## [Input material]
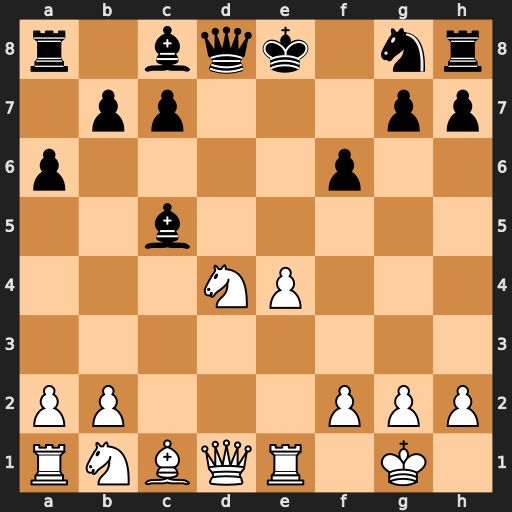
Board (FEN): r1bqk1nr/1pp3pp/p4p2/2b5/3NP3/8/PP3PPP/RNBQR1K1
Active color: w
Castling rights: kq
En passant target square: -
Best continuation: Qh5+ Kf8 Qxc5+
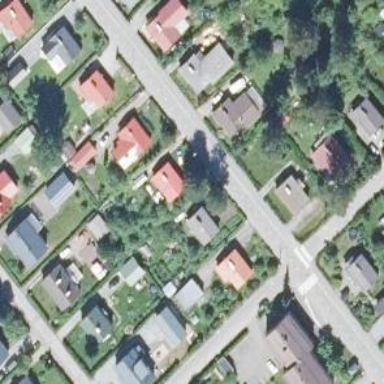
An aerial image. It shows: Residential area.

## [Exercise directions]
Provide a precise transcription of the listing, excluding each picture.

## [Output of the task]
Board (FEN): r1bqk1nr/1pp3pp/p4p2/2b5/3NP3/8/PP3PPP/RNBQR1K1
Active color: w
Castling rights: kq
En passant target square: -
Best continuation: Qh5+ Kf8 Qxc5+
An aerial image. It shows: Residential area.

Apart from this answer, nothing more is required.